The Hon Tony Burke MP

Doorstop – Parliament House | Ministers’ Media Centre

E&OE TRANSCRIPT
 

THE HON TONY BURKE MP, MINISTER FOR EMPLOYMENT AND WORKPLACE RELATIONS, MINISTER FOR THE ARTS: There’s been a big conversation all around Australia that’s been growing for some time about the dangers of silica in the workplace and what that means for silicosis and other lung diseases. It’s for that reason that I asked all State and Territory Ministers to meet together today to work through: how can we move together to provide that simplest of protections to make sure that when somebody goes to work, they’re not contracting a terminal illness simply by attending their job? 

Silicosis is not only relevant to kitchen benchtops. A huge percentage of the earth’s crust is silica and some people will say, “Oh, well, silica is a natural product. It’s naturally occurring.” So is asbestos. There are products that when they’re in high levels of concentration create unacceptable levels of risk. There has been an understandable focus, therefore, on kitchen benchtops even though that’s not the whole story in respect to risk of silica. 

Kitchen benchtops can be in the order of 97, 98 per cent silica, and while there are methods that have been used for not dry-cutting – making sure whenever it’s cut, that it’s wet – experience has been that all too often, no matter what rules are in place, we still end up with situations of dry-cutting, we still end with situations of unacceptable risk. 

Silicosis is a disease that hits people regardless of age. Here in this building, when I was in Opposition, a couple of years ago, I met a young woman by the name of Joanna. She was 35 at the time. She told me that her greatest fear was not seeing her daughters grow into adulthood. She explained that for her she was in a workplace – not a kitchen benchtop workplace, but she was in a workplace with high levels of silica dust. She was working as an administrative assistant and now has a terminal illness. 

So, I brought all State Ministers together because this has been an issue with the growing concern where work health and safety laws and the way our system works across all jurisdictions, it doesn’t move quickly. The official time to consider whether or not we should have tougher rules wasn’t meant to commence until June of next year. Even when we got to that date, there would still be longer periods of time while you work out all the details and then legislate. So, we made the decision that we’d bring the meeting forward today. 

I’m pleased to say we’ve ended up with a unanimous decision across every State, Territory and Commonwealth. We have now tasked Safe Work Australia to do the work to scope out what regulations are required for all workplaces where you deal with silica dust and to also scope out specifically with respect to our engineered stone and engineered-stone benchtops, to do the work starting now on what a ban would look like. 

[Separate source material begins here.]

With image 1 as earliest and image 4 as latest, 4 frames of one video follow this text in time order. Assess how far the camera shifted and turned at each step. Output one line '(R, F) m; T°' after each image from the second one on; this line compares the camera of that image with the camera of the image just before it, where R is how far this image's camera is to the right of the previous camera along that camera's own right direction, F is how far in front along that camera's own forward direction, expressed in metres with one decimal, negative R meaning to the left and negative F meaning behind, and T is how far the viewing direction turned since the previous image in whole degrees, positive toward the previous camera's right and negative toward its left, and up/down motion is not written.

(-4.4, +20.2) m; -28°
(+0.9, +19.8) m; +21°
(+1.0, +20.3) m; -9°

Now, people would be aware that not all engineered stone is at 97, 98 per cent silica. There are some forms that are at much lower levels and percentages and, therefore, present a much lower risk. For some the risk is actually no different to natural stone. So, what we’ve asked Safe Work Australia to do is scope out if there were to be a prohibition, where that line would be drawn, and then to also scope out how you can have a nationally consistent licensing system for whatever remains as being viewed as safe to be on the market, but certainly making sure that it would have serious work health and safety issues. That licensing system though would also have to apply to legacy products. 

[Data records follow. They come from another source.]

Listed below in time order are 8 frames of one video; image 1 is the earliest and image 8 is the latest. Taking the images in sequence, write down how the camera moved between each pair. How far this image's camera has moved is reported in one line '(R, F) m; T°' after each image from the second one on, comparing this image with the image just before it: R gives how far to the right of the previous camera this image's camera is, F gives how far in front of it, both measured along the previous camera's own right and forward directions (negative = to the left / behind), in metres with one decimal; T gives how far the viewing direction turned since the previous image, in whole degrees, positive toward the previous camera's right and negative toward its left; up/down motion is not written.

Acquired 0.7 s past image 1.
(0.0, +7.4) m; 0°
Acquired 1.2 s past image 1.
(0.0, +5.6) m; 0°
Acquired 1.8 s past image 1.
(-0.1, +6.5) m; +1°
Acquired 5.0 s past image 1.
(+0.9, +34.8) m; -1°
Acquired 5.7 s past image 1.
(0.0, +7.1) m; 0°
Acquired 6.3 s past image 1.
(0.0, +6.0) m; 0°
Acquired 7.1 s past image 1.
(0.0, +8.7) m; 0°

We need to remember now even for the most dangerous of these products, they will now be in kitchens where, as long as they’re left alone, they will be quite safe. But what happens when that homeowner decides it’s time to renovate? What happens if there’s a demolition of the house? Effectively, the experience we went through with asbestos is now going to be with us as we work through the legacy items on these engineered-stone benchtops. So, no one should be worried in terms of what they currently have in their home and think suddenly that’s a dangerous item to have, but the moment it’s adjusted, the moment it’s moved, the risk is real and we do not currently have the rules in place to make sure that it’s safe. 

We initially went to the meeting on the basis that we’d try to meet again in six months’ time. We ended up resolving that if the report is ready earlier than that, we will meet earlier than that. We will scope out the different things that can be done at each level of Government. But in order for there to be a ban, this work from Safe Work Australia needs to be done. They’ve been tasked to do it today, andI have to say for an issue where, you know, work health and safety, it does move slowly but when it moves unanimously, when every jurisdiction regardless of its political colour says, “No, we are now pressing go on working through what a ban would look like”, then I think today is a day where we have moved forward in trying to make sure that you don’t get sick simply because you had a job and you turned up for work.

JOURNALIST: The CFMEU has said that they’re going to ban engineered stone from July 2024 no matter what. That doesn’t leave a lot of lead in time for this to be phased in. Is this a done deal and, you know, put that in the diary for July 2024? 

BURKE: Unions and organisations will make whatever decisions they make within the law. It will also be the case that some suppliers will start to look now at how they can get lower levels of silica in the benchtops or how they can look for other alternatives in people’s kitchens and bathrooms. So, a whole lot of adjustments will happen straightaway. But what we’ve done today is the job of Governments. Look, of course, I wish that Government had started this process sooner. Of course, I wish that when the now Prime Minister and myself were making speeches in Parliament about this when we were in Opposition, of course, we wish this process had begun then. The decision we made today, though, was we weren’t going to wait for the official starting date of getting things moving to next year. As I said, Australia took 70 years from the time we were warned about asbestos to the time that we got to the point of a ban. We’re not going to make that mistake again.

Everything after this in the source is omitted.